Data excerpts:

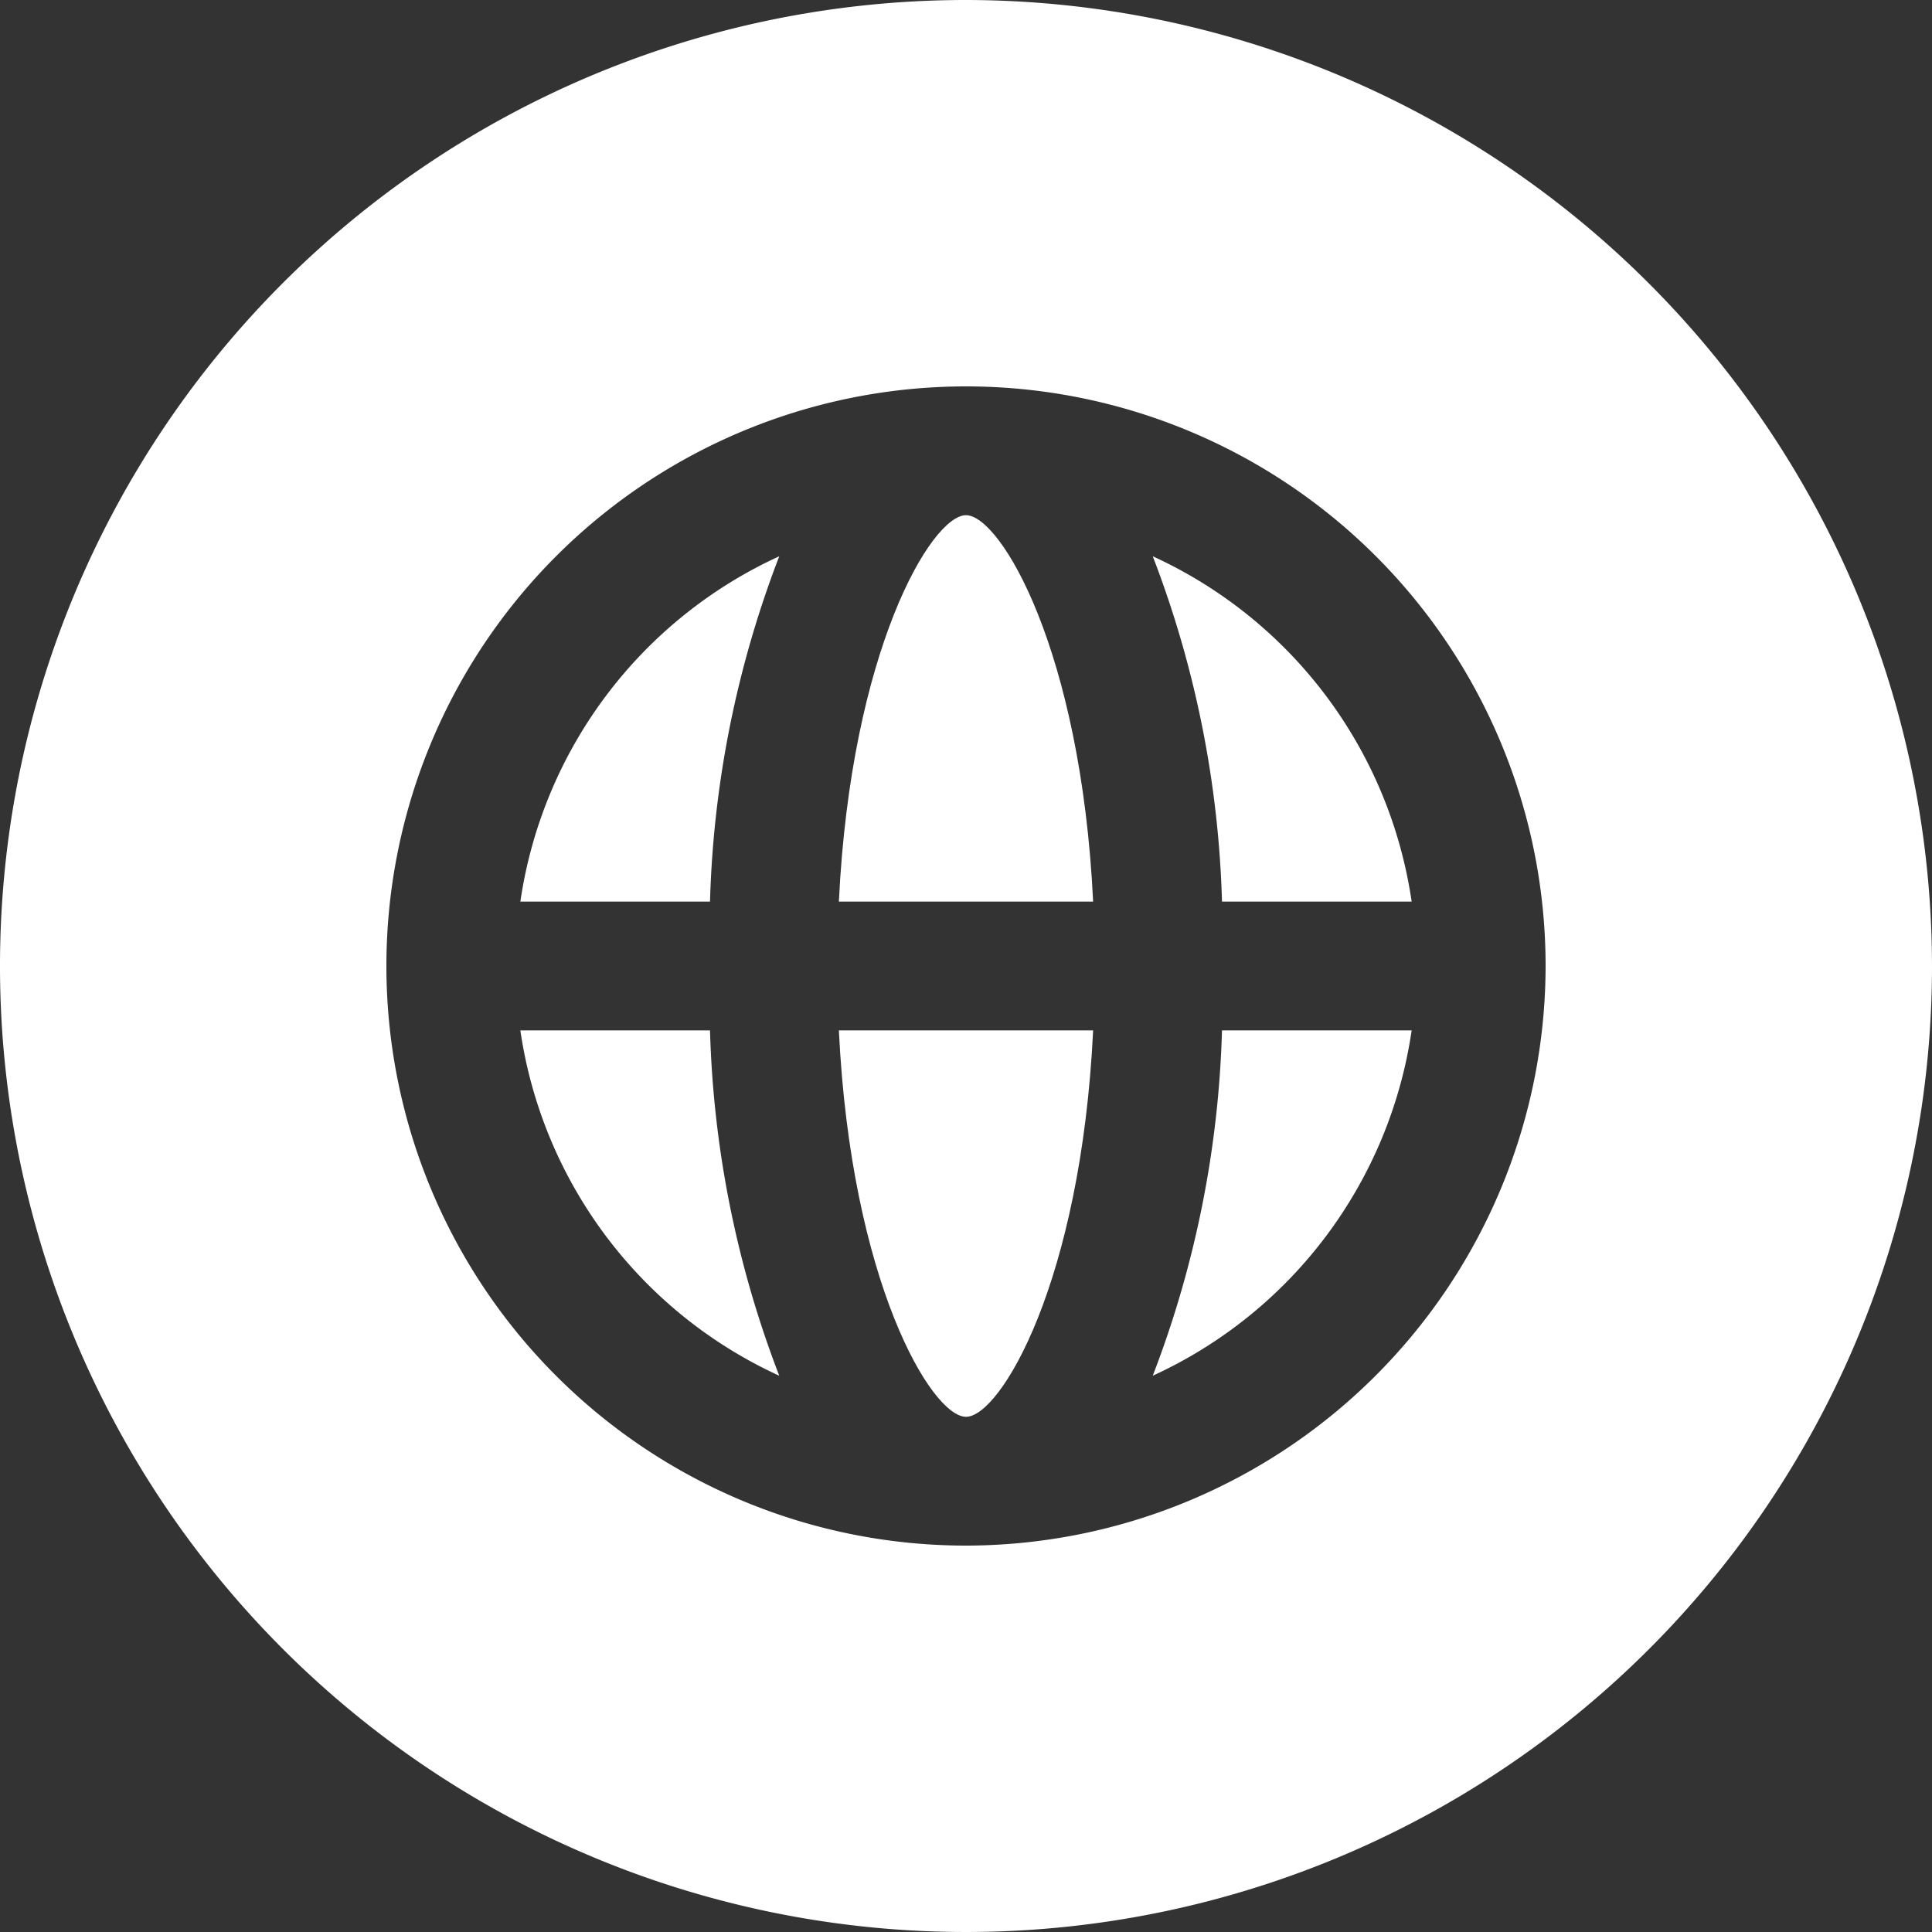 <?xml version="1.0" encoding="UTF-8" standalone="no"?><svg xmlns="http://www.w3.org/2000/svg" xmlns:xlink="http://www.w3.org/1999/xlink" data-name="Layer 2" fill="#ffffff" height="30" preserveAspectRatio="xMidYMid meet" version="1" viewBox="1.5 1.5 30.0 30.0" width="30" zoomAndPan="magnify"><rect x="1.5" y="1.5" width="30.0" height="30.0" fill="#333333" stroke="none"/><g id="change1_1"><path d="M16.5,9.5c-.536,0-1.786,2.1-1.974,6h3.948C18.286,11.6,17.036,9.5,16.5,9.5Z" fill="inherit"/></g><g id="change1_2"><path d="M16.5,23.5c.536,0,1.786-2.1,1.974-6H14.526C14.714,21.4,15.964,23.5,16.5,23.5Z" fill="inherit"/></g><g id="change1_3"><path d="M9.58,17.5A7.01,7.01,0,0,0,13.6,22.862,16.177,16.177,0,0,1,12.525,17.5Z" fill="inherit"/></g><g id="change1_4"><path d="M9.58,15.5h2.945A16.177,16.177,0,0,1,13.6,10.138,7.01,7.01,0,0,0,9.58,15.5Z" fill="inherit"/></g><g id="change1_5"><path d="M16.5,1.5a15,15,0,1,0,15,15A15.017,15.017,0,0,0,16.5,1.5Zm0,24a9,9,0,1,1,9-9A9.011,9.011,0,0,1,16.5,25.5Z" fill="inherit"/></g><g id="change1_6"><path d="M19.4,10.138A16.177,16.177,0,0,1,20.475,15.5H23.42A7.01,7.01,0,0,0,19.4,10.138Z" fill="inherit"/></g><g id="change1_7"><path d="M19.4,22.862A7.01,7.01,0,0,0,23.42,17.5H20.475A16.177,16.177,0,0,1,19.4,22.862Z" fill="inherit"/></g></svg>
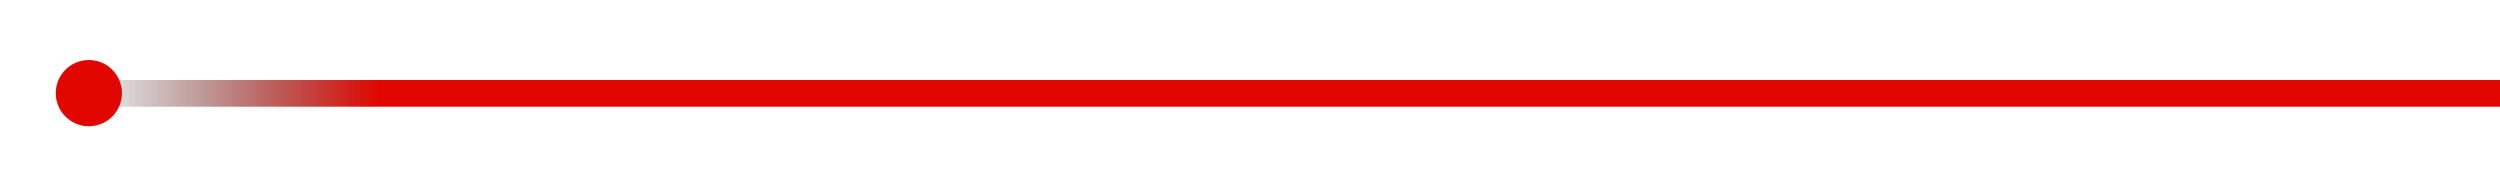 <?xml version="1.0" encoding="UTF-8"?> <!-- Generator: Adobe Illustrator 24.1.0, SVG Export Plug-In . SVG Version: 6.00 Build 0) --> <svg xmlns="http://www.w3.org/2000/svg" xmlns:xlink="http://www.w3.org/1999/xlink" id="Слой_1" x="0px" y="0px" viewBox="0 0 2340.7 174" style="enable-background:new 0 0 2340.7 174;" xml:space="preserve"> <style type="text/css"> .st0{fill:none;stroke:url(#SVGID_1_);stroke-width:25;stroke-miterlimit:10;} .st1{fill:#E10600;} </style> <linearGradient id="SVGID_1_" gradientUnits="userSpaceOnUse" x1="3862.476" y1="413.013" x2="6136.123" y2="413.013" gradientTransform="matrix(-1 0 0 1 6203.143 -325.643)"> <stop offset="0.873" style="stop-color:#E10600"></stop> <stop offset="1" style="stop-color:#131313;stop-opacity:0"></stop> </linearGradient> <line class="st0" x1="2340.7" y1="87.4" x2="67" y2="87.4"></line> <circle class="st1" cx="83.2" cy="87.2" r="31"></circle> </svg> 
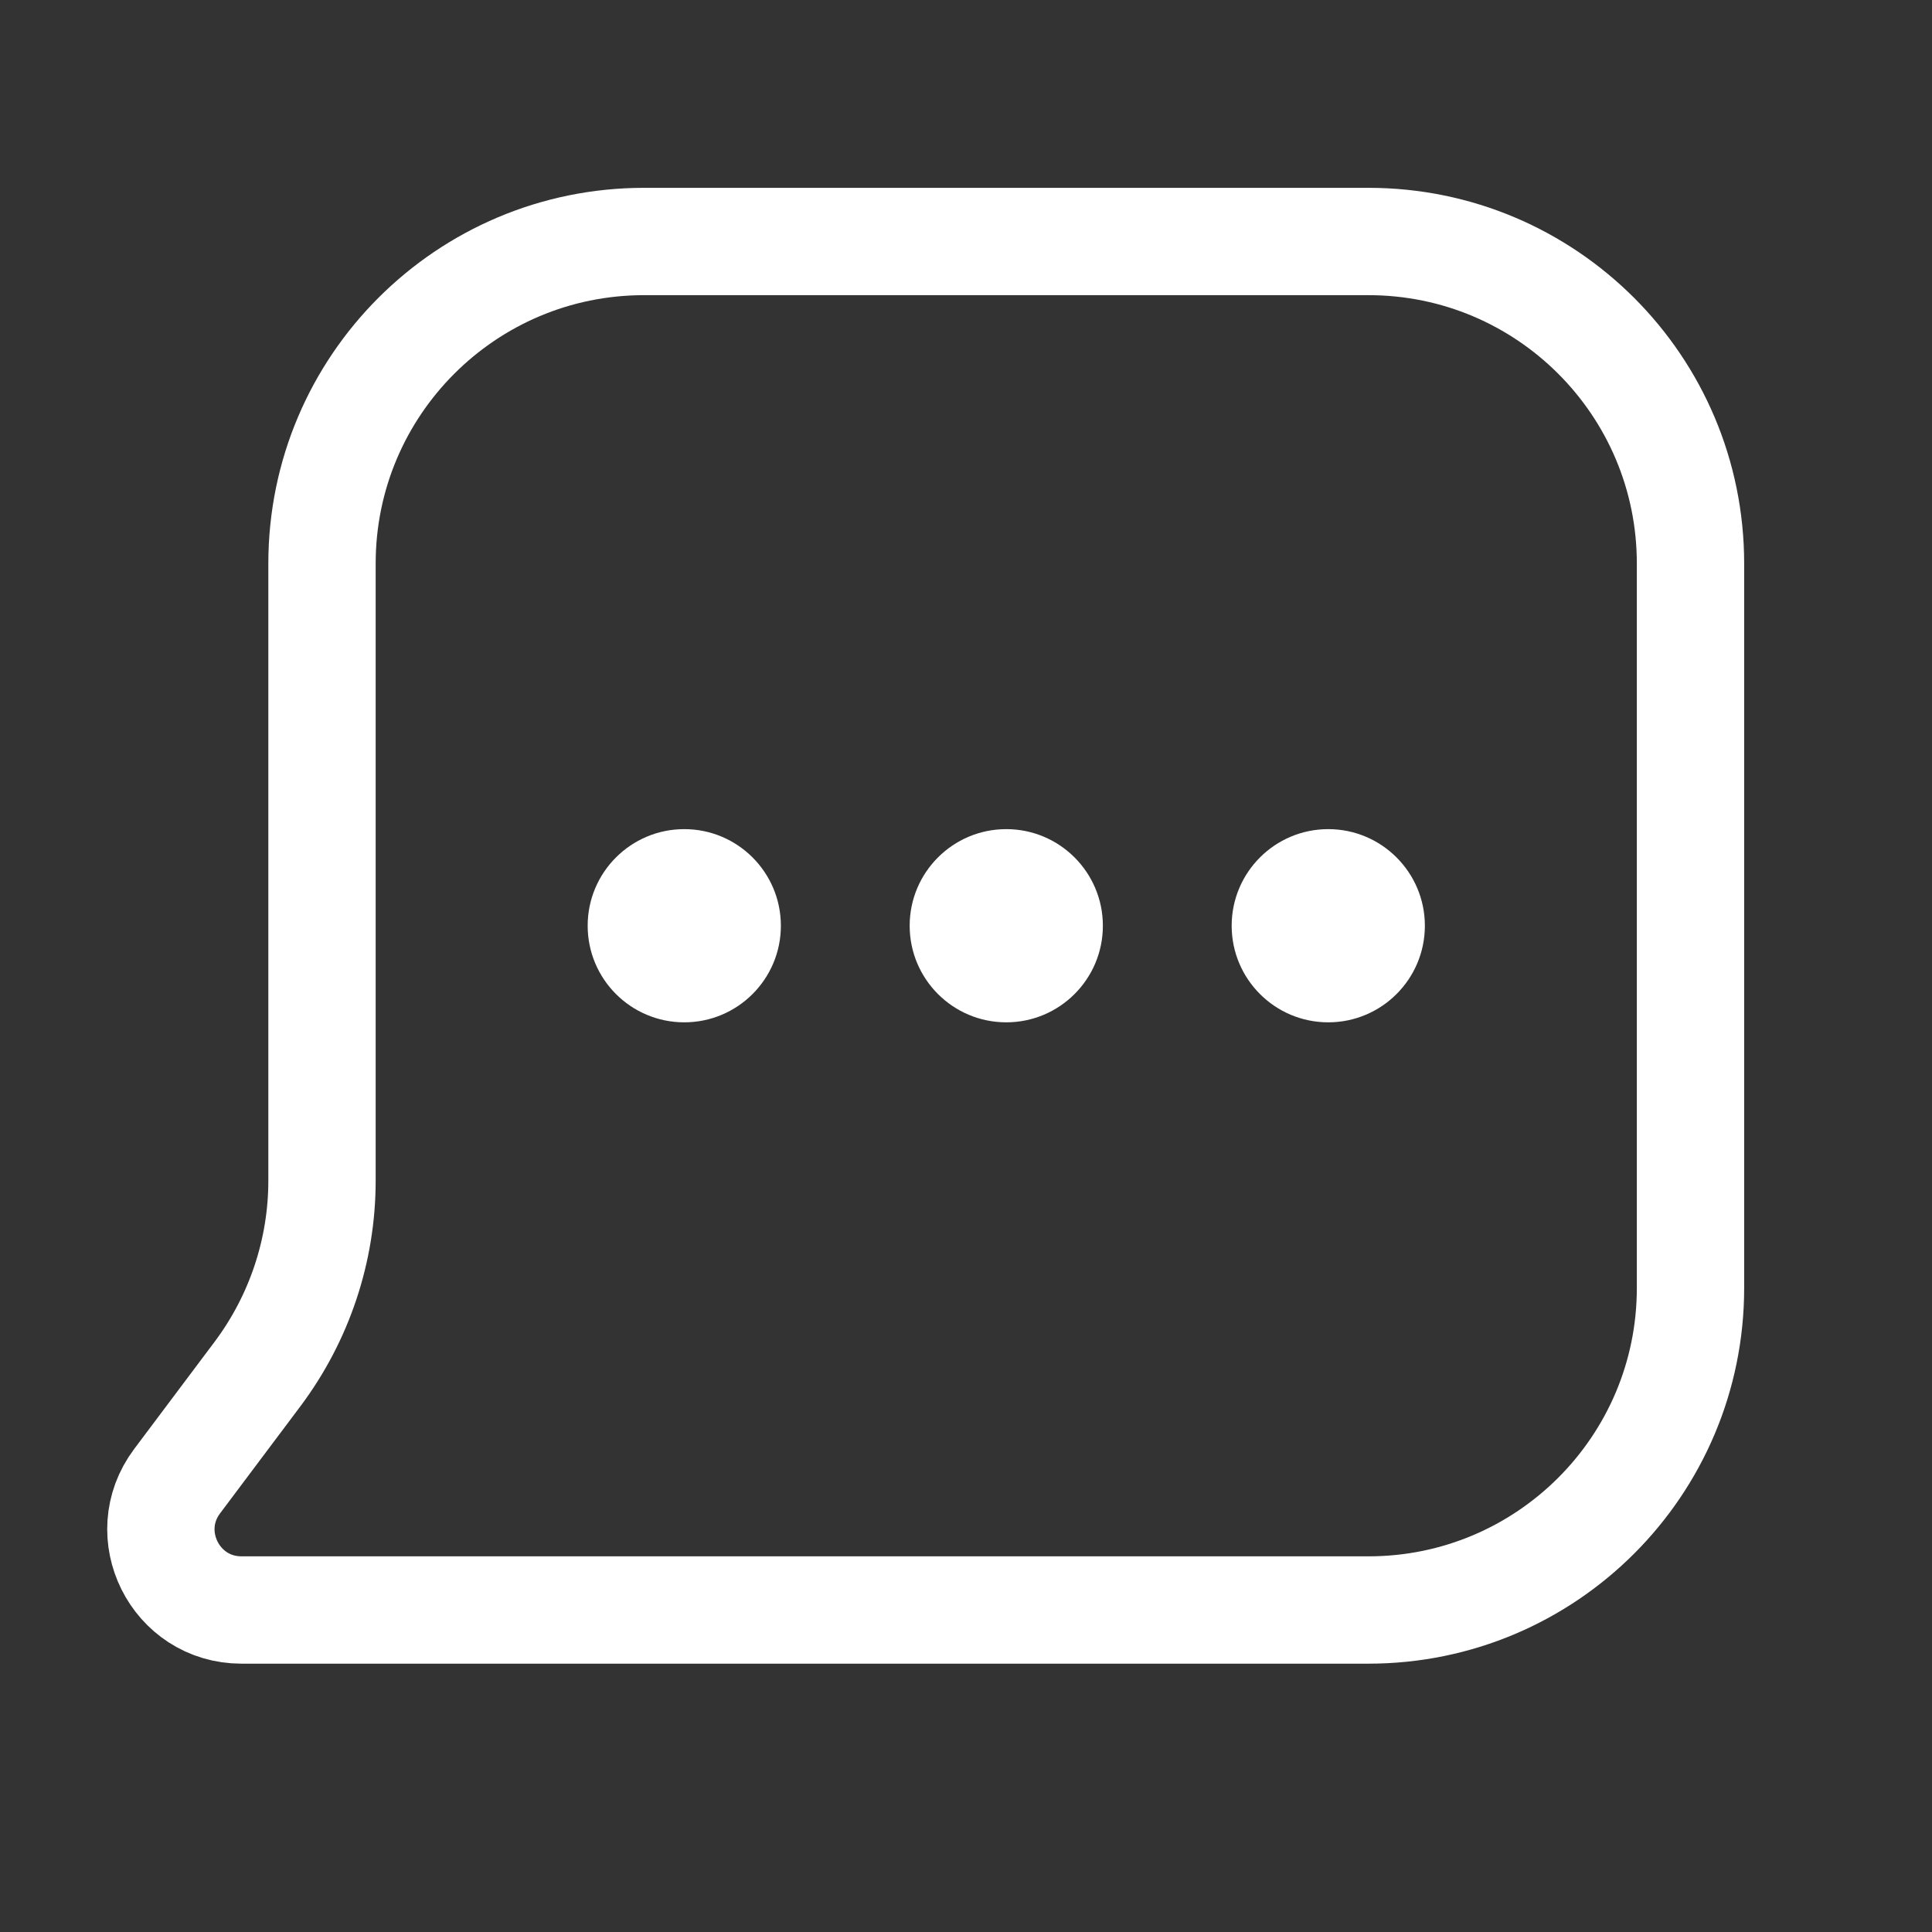 <svg xmlns="http://www.w3.org/2000/svg" fill="none" viewBox="0 0 45 45" height="45" width="45">
<rect x="0" y="0" width="45" height="45" fill="#333333" stroke="none"/>
<path stroke-linejoin="round" stroke-linecap="round" stroke-width="2.5" stroke="white" d="M9.375 37.5H31.875C36.017 37.5 39.375 34.142 39.375 30V13.125C39.375 8.983 36.017 5.625 31.875 5.625H15C10.858 5.625 7.5 8.983 7.5 13.125V27.501C7.5 29.122 6.973 30.701 6 32.001L4.125 34.5C3.199 35.736 4.08 37.5 5.625 37.5H9.375Z" clip-rule="evenodd" fill-rule="evenodd"></path>
<path fill="white" d="M15.938 19.312C14.695 19.312 13.688 20.32 13.688 21.562C13.688 22.805 14.695 23.812 15.938 23.812C17.18 23.812 18.188 22.805 18.188 21.562C18.188 20.32 17.18 19.312 15.938 19.312ZM23.438 19.312C22.195 19.312 21.188 20.32 21.188 21.562C21.188 22.805 22.195 23.812 23.438 23.812C24.68 23.812 25.688 22.805 25.688 21.562C25.688 20.32 24.68 19.312 23.438 19.312ZM28.688 21.562C28.688 20.32 29.695 19.312 30.938 19.312C32.179 19.312 33.188 20.32 33.188 21.562C33.188 22.805 32.179 23.812 30.938 23.812C29.695 23.812 28.688 22.805 28.688 21.562Z" clip-rule="evenodd" fill-rule="evenodd"></path>
</svg>

Activity:
The result should be the listing above, restated exactly, with no pictures in it.

Answer:
 <?xml version="1.0" encoding="UTF-8" standalone="no"?><svg xmlns="http://www.w3.org/2000/svg" xmlns:xlink="http://www.w3.org/1999/xlink" data-name="Layer 2" fill="#ffffff" height="30" preserveAspectRatio="xMidYMid meet" version="1" viewBox="1.5 1.5 30.0 30.0" width="30" zoomAndPan="magnify"><rect x="1.5" y="1.5" width="30.0" height="30.0" fill="#333333" stroke="none"/><g id="change1_1"><path d="M16.5,9.5c-.536,0-1.786,2.1-1.974,6h3.948C18.286,11.6,17.036,9.5,16.5,9.5Z" fill="inherit"/></g><g id="change1_2"><path d="M16.5,23.5c.536,0,1.786-2.1,1.974-6H14.526C14.714,21.4,15.964,23.5,16.5,23.5Z" fill="inherit"/></g><g id="change1_3"><path d="M9.58,17.5A7.01,7.01,0,0,0,13.6,22.862,16.177,16.177,0,0,1,12.525,17.5Z" fill="inherit"/></g><g id="change1_4"><path d="M9.58,15.5h2.945A16.177,16.177,0,0,1,13.6,10.138,7.01,7.01,0,0,0,9.58,15.5Z" fill="inherit"/></g><g id="change1_5"><path d="M16.5,1.5a15,15,0,1,0,15,15A15.017,15.017,0,0,0,16.5,1.5Zm0,24a9,9,0,1,1,9-9A9.011,9.011,0,0,1,16.5,25.5Z" fill="inherit"/></g><g id="change1_6"><path d="M19.4,10.138A16.177,16.177,0,0,1,20.475,15.5H23.42A7.01,7.01,0,0,0,19.4,10.138Z" fill="inherit"/></g><g id="change1_7"><path d="M19.4,22.862A7.01,7.01,0,0,0,23.42,17.5H20.475A16.177,16.177,0,0,1,19.4,22.862Z" fill="inherit"/></g></svg>
 <?xml version="1.0" encoding="UTF-8"?> <!-- Generator: Adobe Illustrator 24.1.0, SVG Export Plug-In . SVG Version: 6.00 Build 0) --> <svg xmlns="http://www.w3.org/2000/svg" xmlns:xlink="http://www.w3.org/1999/xlink" id="Слой_1" x="0px" y="0px" viewBox="0 0 2340.7 174" style="enable-background:new 0 0 2340.7 174;" xml:space="preserve"> <style type="text/css"> .st0{fill:none;stroke:url(#SVGID_1_);stroke-width:25;stroke-miterlimit:10;} .st1{fill:#E10600;} </style> <linearGradient id="SVGID_1_" gradientUnits="userSpaceOnUse" x1="3862.476" y1="413.013" x2="6136.123" y2="413.013" gradientTransform="matrix(-1 0 0 1 6203.143 -325.643)"> <stop offset="0.873" style="stop-color:#E10600"></stop> <stop offset="1" style="stop-color:#131313;stop-opacity:0"></stop> </linearGradient> <line class="st0" x1="2340.7" y1="87.4" x2="67" y2="87.4"></line> <circle class="st1" cx="83.2" cy="87.2" r="31"></circle> </svg> 
 <svg xmlns="http://www.w3.org/2000/svg" fill="none" viewBox="0 0 45 45" height="45" width="45">
<rect x="0" y="0" width="45" height="45" fill="#333333" stroke="none"/>
<path stroke-linejoin="round" stroke-linecap="round" stroke-width="2.5" stroke="white" d="M9.375 37.5H31.875C36.017 37.5 39.375 34.142 39.375 30V13.125C39.375 8.983 36.017 5.625 31.875 5.625H15C10.858 5.625 7.5 8.983 7.5 13.125V27.501C7.5 29.122 6.973 30.701 6 32.001L4.125 34.5C3.199 35.736 4.08 37.5 5.625 37.5H9.375Z" clip-rule="evenodd" fill-rule="evenodd"></path>
<path fill="white" d="M15.938 19.312C14.695 19.312 13.688 20.32 13.688 21.562C13.688 22.805 14.695 23.812 15.938 23.812C17.18 23.812 18.188 22.805 18.188 21.562C18.188 20.32 17.18 19.312 15.938 19.312ZM23.438 19.312C22.195 19.312 21.188 20.32 21.188 21.562C21.188 22.805 22.195 23.812 23.438 23.812C24.68 23.812 25.688 22.805 25.688 21.562C25.688 20.32 24.68 19.312 23.438 19.312ZM28.688 21.562C28.688 20.32 29.695 19.312 30.938 19.312C32.179 19.312 33.188 20.32 33.188 21.562C33.188 22.805 32.179 23.812 30.938 23.812C29.695 23.812 28.688 22.805 28.688 21.562Z" clip-rule="evenodd" fill-rule="evenodd"></path>
</svg>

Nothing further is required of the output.